However, in this Blog entry, I would like to explain that by chance last week's Blog was written just as the new Form 9089 was being released by DOL. Specifically, last week I was writing about the OMB Processing Time Statement, which says on the old form that it takes 1 1/4 hours to prepare and file a Form 9089. I suggested that this figure was very unrealistic, but, naturally, when I saw the new Form 9089, the first thing I did was go to the end of the Form to check the new OMB data. The OMB response time for the new Form 9089 has been changed from 1 1/4 hours to 2 hours per response.

The form is now 17 pages, and the instructions are 23 pages. That's a total of 40 pages. Is two hours sufficient time? Senator Obama has stated that right now one out of every five adults in the United States can not read a simple story to their child, and that during the last twenty years or so, over ten million Americans reached the 12th grade without having learned to read at a basic level, and 34% of Americans have not reached a 4th Grade Reading Level.

It seems to me that if the OMB figures represent average American skills, and not the high or low end, it would take well over the two hour OMB figure for an average American just to read the 40 page form and instructions, not to mention the task of gathering information, preparing and filing the form itself.

Do you feel otherwise? If so, please send your opinion to this Blog.

My next entry, which I promise to complete this weekend, will cover the changes on the new 9089 Form.

March 31, 2008

Getting Ready for PERM BOOK II

While reviewing the regulations, so many issues come to mind to be included in the PERM BOOK II! Have you ever thought about the OMB approval for the 9089 form, what it says and what it means?

Part "P" on page 10 of the form contains OMB information and the Paperwork Reduction Act Information Control Number. For those of you who are neophytes to government-speak, this means that the Form cannot be used by DOL until it goes through an approval process, which includes a public discussion and publication in the Federal Register about the burden placed by the Form on U.S. Employers and whether it requires too much, unnecessary paper! The OMB information on the 9089 Form states (believe it or not) that it takes 1 1/4 (one and a quarter) hours to collect the information required for a PERM application, including the time required to review instructions, search existing data sources, gather and maintain the data needed, and compile and review the collection of information.

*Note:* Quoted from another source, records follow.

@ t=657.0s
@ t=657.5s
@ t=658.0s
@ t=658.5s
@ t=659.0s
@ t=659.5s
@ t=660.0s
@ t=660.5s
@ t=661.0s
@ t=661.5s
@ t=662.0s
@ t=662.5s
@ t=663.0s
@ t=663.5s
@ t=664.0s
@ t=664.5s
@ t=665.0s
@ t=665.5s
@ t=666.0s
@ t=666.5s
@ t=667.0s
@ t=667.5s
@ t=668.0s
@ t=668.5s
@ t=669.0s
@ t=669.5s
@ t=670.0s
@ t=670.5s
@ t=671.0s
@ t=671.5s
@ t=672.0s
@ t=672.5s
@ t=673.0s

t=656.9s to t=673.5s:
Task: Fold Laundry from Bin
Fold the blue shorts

Doesn't It seem hard to believe that anyone who ever filed a PERM application, especially the first time, could reach that conclusion? Think about all time required to prepare, process and file an application (words used in the prohibition against attorney fees). This necessarily includes reviewing the instructions, searching existing data sources, gathering and maintaining the data needed, and completing and reviewing the collection of information, even before sitting down to fill out the 9089 Form.

I would venture to say that an Employer would need to spend at least an hour and a quarter not to do all the above, but just to read the PERM form carefully, including the big, medium, and small print on the 9089 Form. And if the employer is a fast reader, then what about adding to that the time to read the separate instructions that accompany the Form? And then the time required to read the instructions that accompany the Electronic form plus the instructions on the electronic site (which are different from the printed instructions), and finally the instructions accompanying each field on the 9089 Form itself, and the time required for the Employer to register and receive approval on the DOL's "user-friendly" site. Oh, and don't forget how long it takes to go through the DOL website trying to understand which links are needed and which are not needed, where they are currently located, and then to print them out and place in a folder. After all, not everyone will have a copy of the PERM BOOK II where everything is easily and conveniently located.

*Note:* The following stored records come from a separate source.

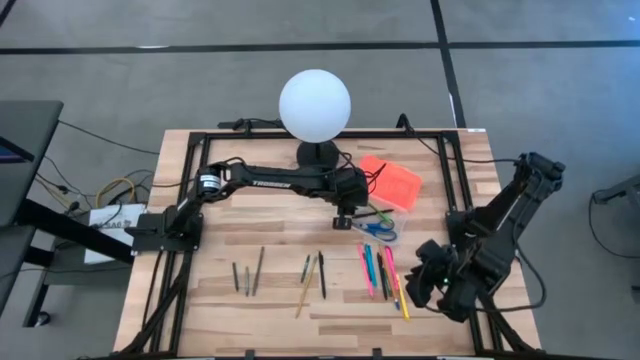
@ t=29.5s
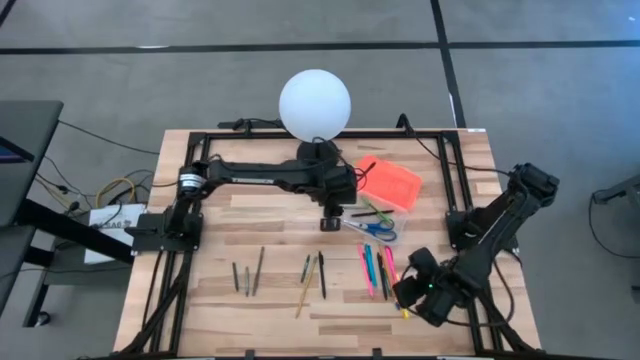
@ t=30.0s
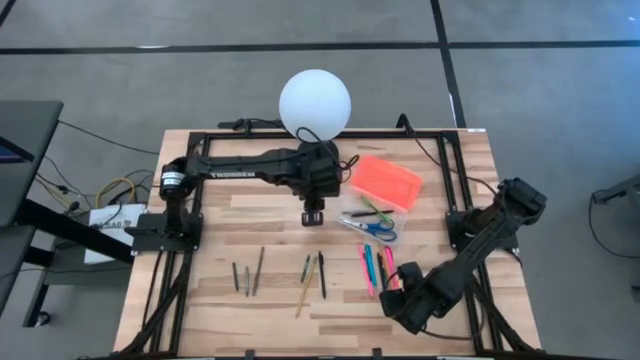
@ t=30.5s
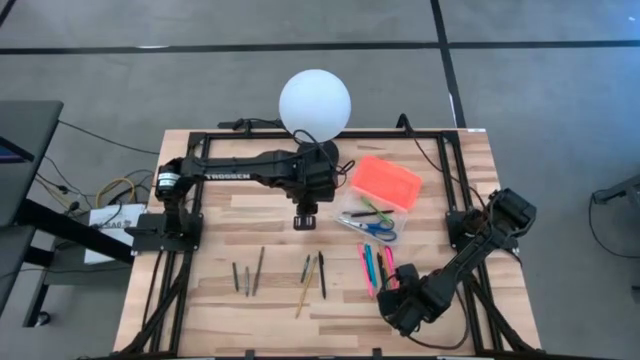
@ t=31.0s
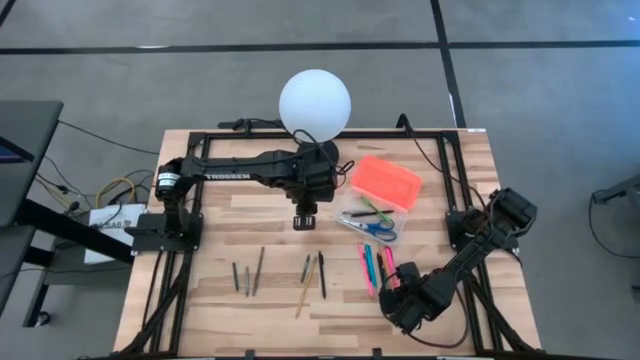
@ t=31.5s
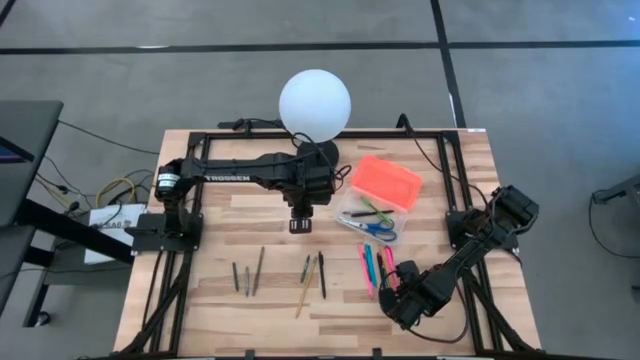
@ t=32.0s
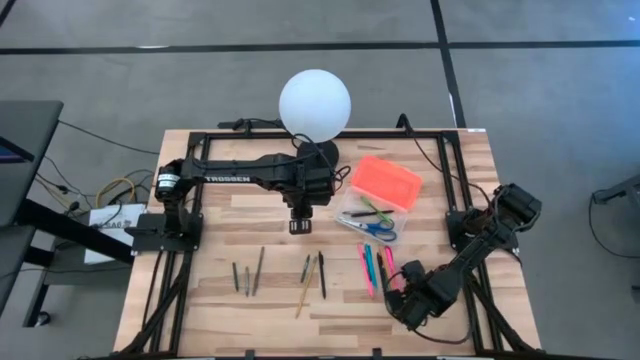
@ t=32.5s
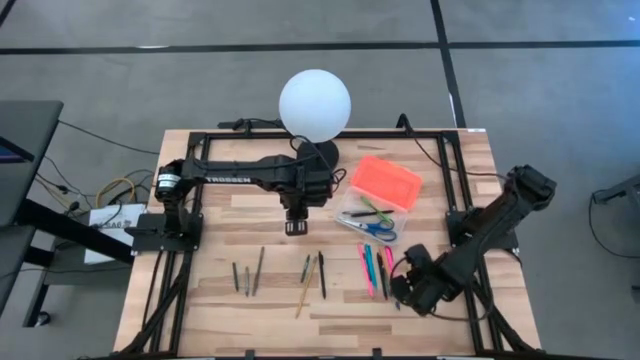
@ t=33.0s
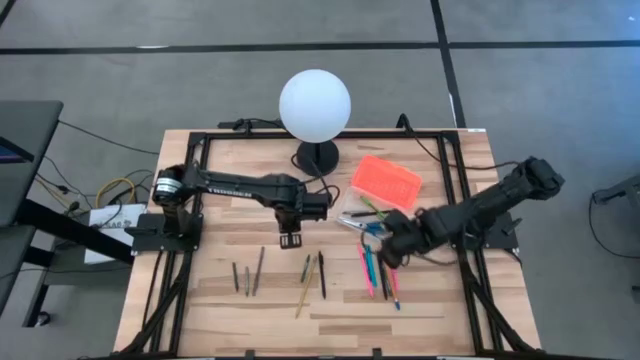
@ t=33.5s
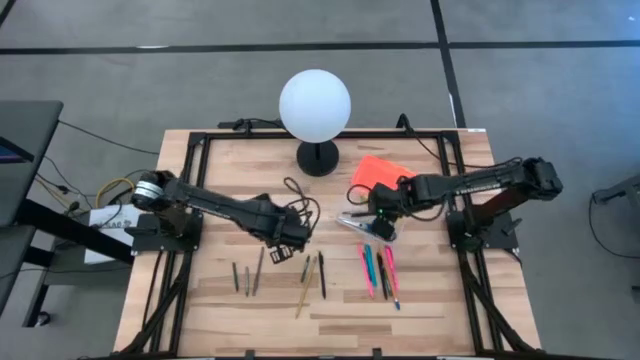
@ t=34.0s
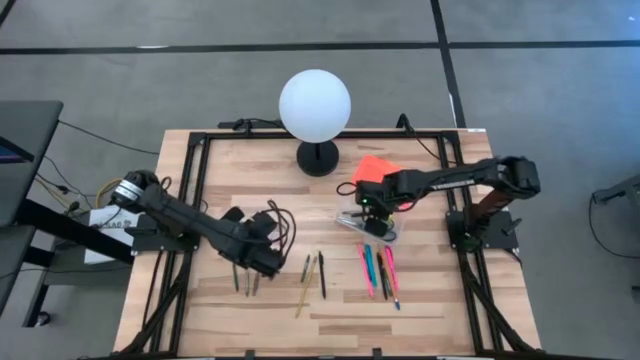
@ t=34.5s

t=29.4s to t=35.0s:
Task: Pick & place school supplies into a supply box
Put the yellow pen into the orange supply box

I won't go on and on (although I would like to), but you get the point. Now if DOL must were to estimate  attorney fees for processing a PERM case, and if it would only amount to 1 1/4 hours of time, and if the hourly fee charged by the attorney varried, let's assume $75.00 at the low end and $500 at the high end, the Employer would only have to spend about $100 at the low end, only slightly more than the cost of courier, copy and mileage costs. At if the high end, the Employer would have to pay $625 for legal services. Does that sound steep for processing a PERM case? Well, any lawyer who could do all that in 1 1/4 hours is probably worth the higher hourly rate, don't you think?

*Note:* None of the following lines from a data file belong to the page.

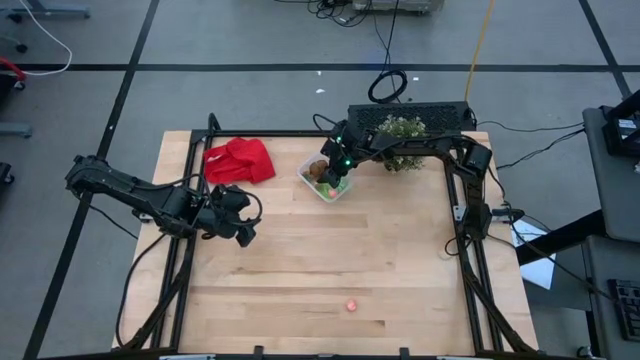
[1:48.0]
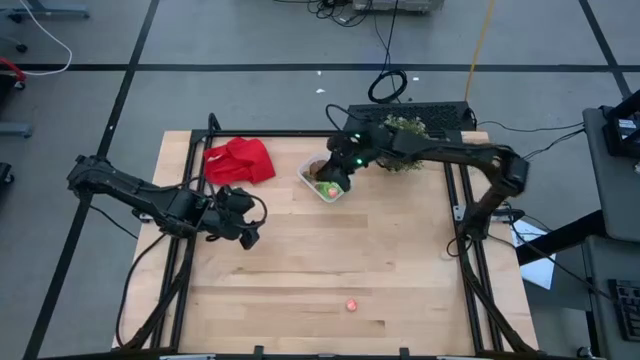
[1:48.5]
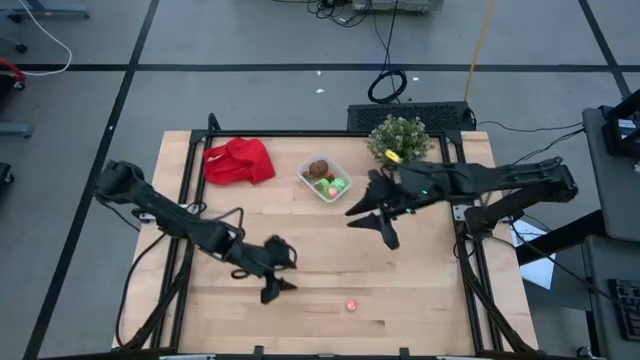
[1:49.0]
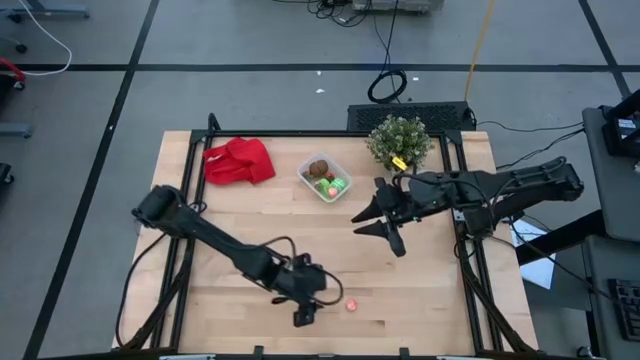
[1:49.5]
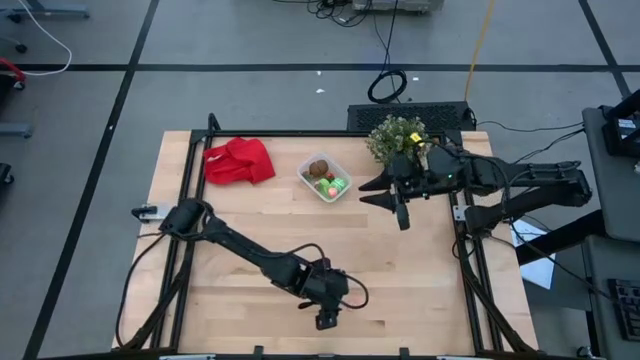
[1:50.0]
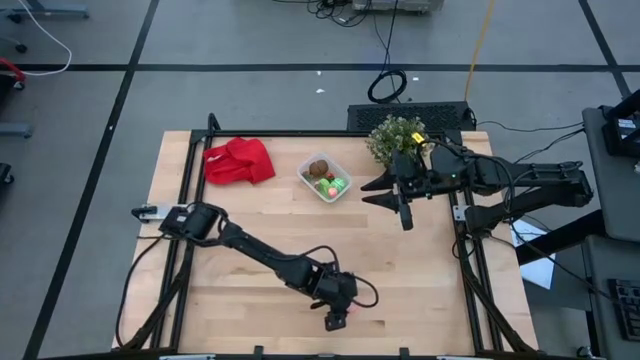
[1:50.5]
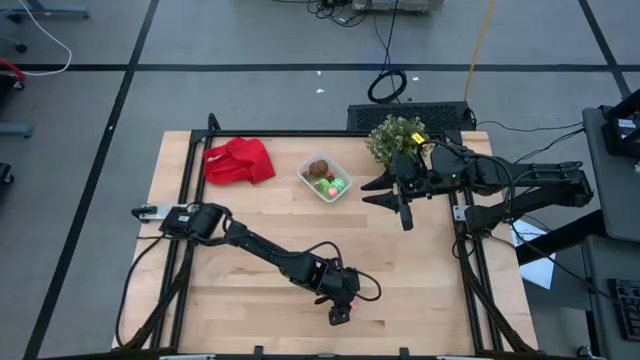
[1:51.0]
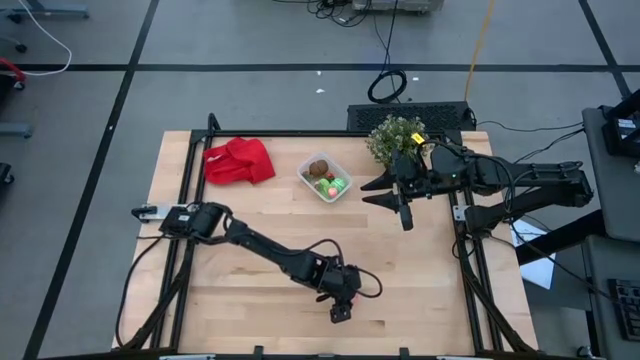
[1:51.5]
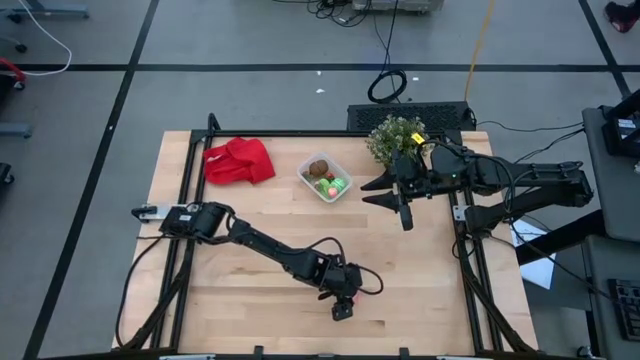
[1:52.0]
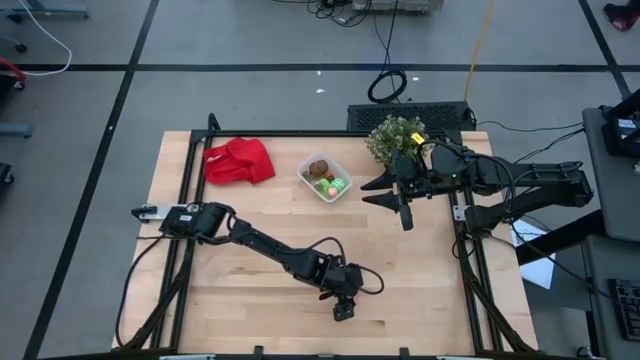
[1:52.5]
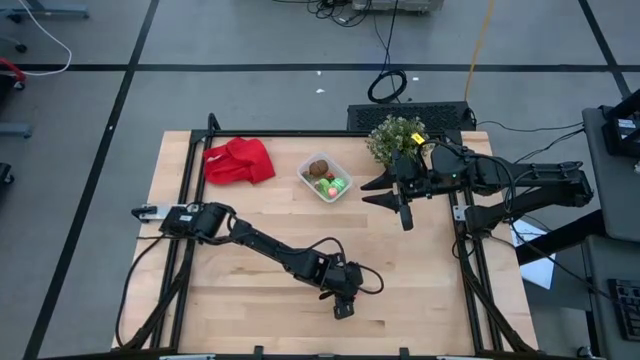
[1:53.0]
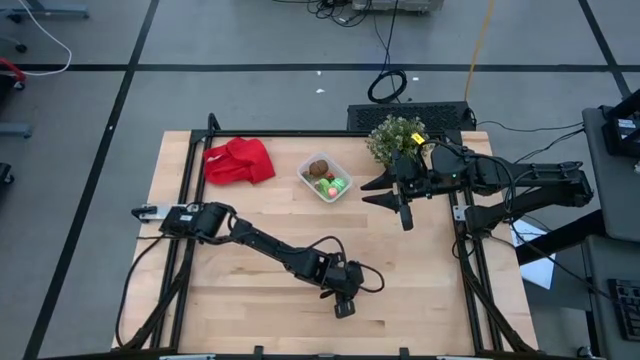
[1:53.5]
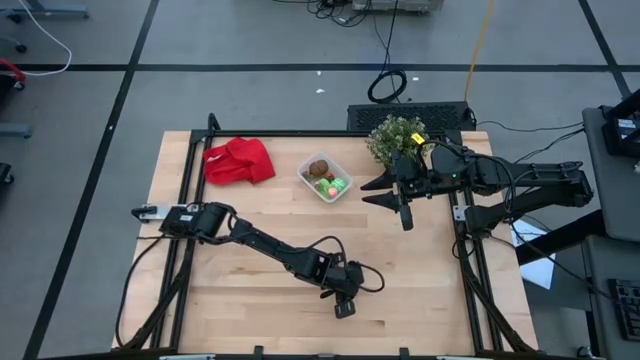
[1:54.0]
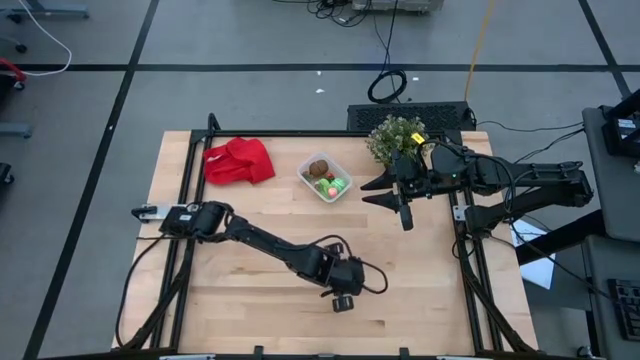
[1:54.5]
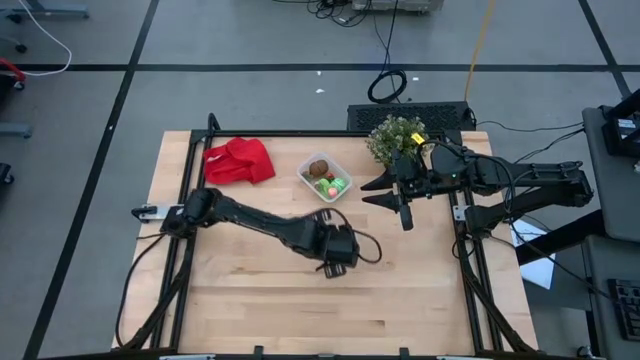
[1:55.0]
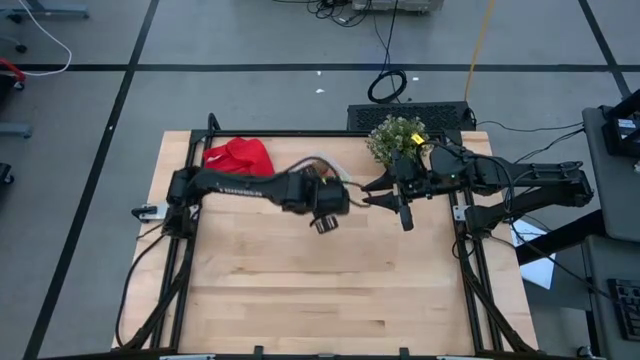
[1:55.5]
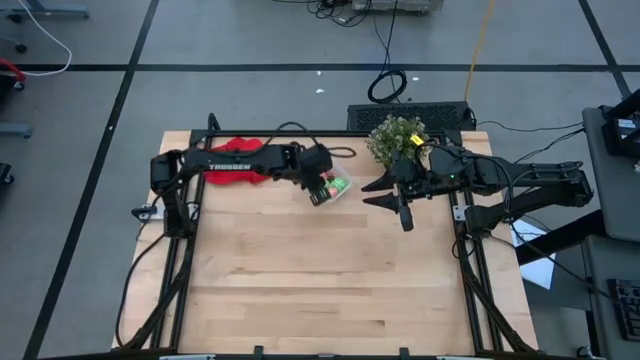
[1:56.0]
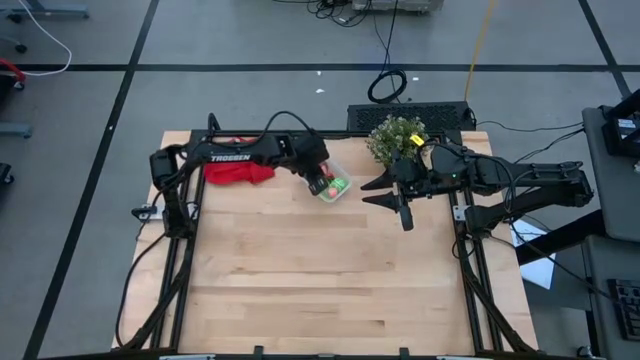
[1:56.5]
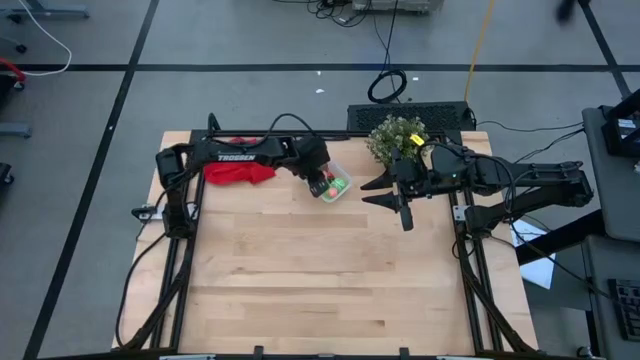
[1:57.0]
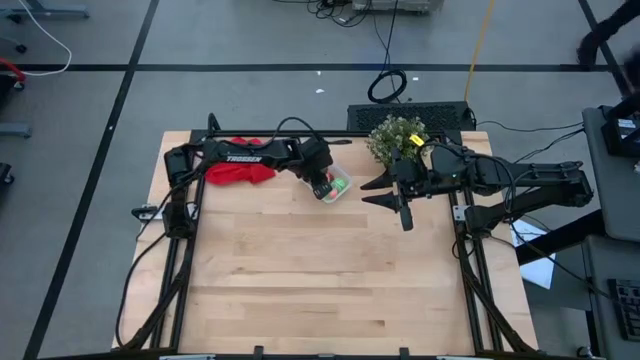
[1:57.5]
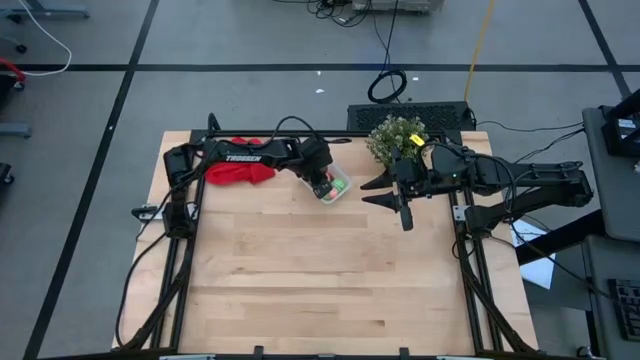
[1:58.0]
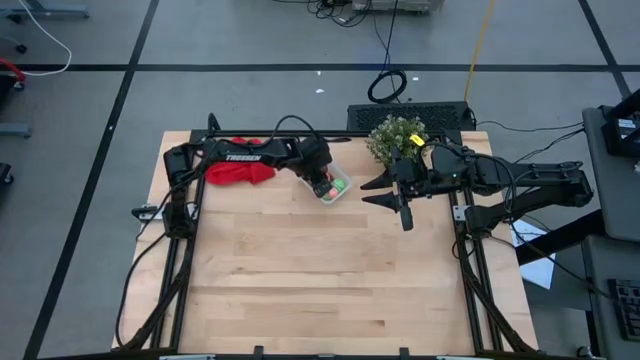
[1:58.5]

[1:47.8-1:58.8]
Task: Pick and placing Produce into tupperware
Put the pink peach into the transparent bin

While I was writing this article, my interest has been peaked, so I decided to look at some other OMB approved forms. I went directly to the USCIS website (www.uscis.gov) for further edification. Here are some results:

AR-11 (Change of Address Form) takes 5 minutes. (No difference between the English and Russian Instructions).

G-638 (FOIA) takes 15 minutes. Gosh, does that include the time to get the signatures from the different parties signed and/or notarized?

I-130 (Relative Petition) takes 90 minutes. I wonder, does that include the time for the betrothed to go to the pharmacy for photos?

I-129 (H Worker, etc.) takes a whopping 2 hours and 45 minutes. Now, how do you get 2 hours and 45 minutes for an I-29 and 1 hour and 15 minutes for a PERM Form?

If I go on and on commenting on odd OMB facts published on the internet, you will certainly think I am being silly.

But to be honest, the findings are so strange, that I would be genuinely interested and pleased to read your comments (about the preparation time for PERM Forms).

Now, in case you are wondering how we should attempt to correct this, or if it is even worth it to trying to correct, the PERM Form itself invites us to "Send comments regarding this burden estimate to the Division of Foreign Labor Certification * U.S. Department of Labor * Room C4312 * 200 Constitution Ave., NW *Washington, DC * 20210."

Perhaps we could put our thoughts together and write the DOL about this? Your individual voices may be heard in Washington, even before the new, updated PERM Form is issued!

 

March 25, 2008

Nothing New Under the pre-PERM Sun

For those of you have not noticed, BALCA has been churning out decisions, not only about the new PERM rule, but also about backlog cases. Recent pre-PERM decisions are actually restatements of earlier issues that are familiar to experienced practitioners.

In fact, recent BALCA cases have dealt with familiar questions like full-time employment for gardeners, employing one's self, and delayed interviews for U.S. workers. Although I reviewed all the BALCA decisions from 1987 until a few years ago for AILA and ILW, I took a break when the new PERM rule came out so I could concentrate on editing the PERM BOOK and in large part because I found the BALCA cases had become repetitive and cumulative. For this occasion, however, I decided to revisit some recent BALCA cases, and communicate my impressions to you, the readers of this Blog.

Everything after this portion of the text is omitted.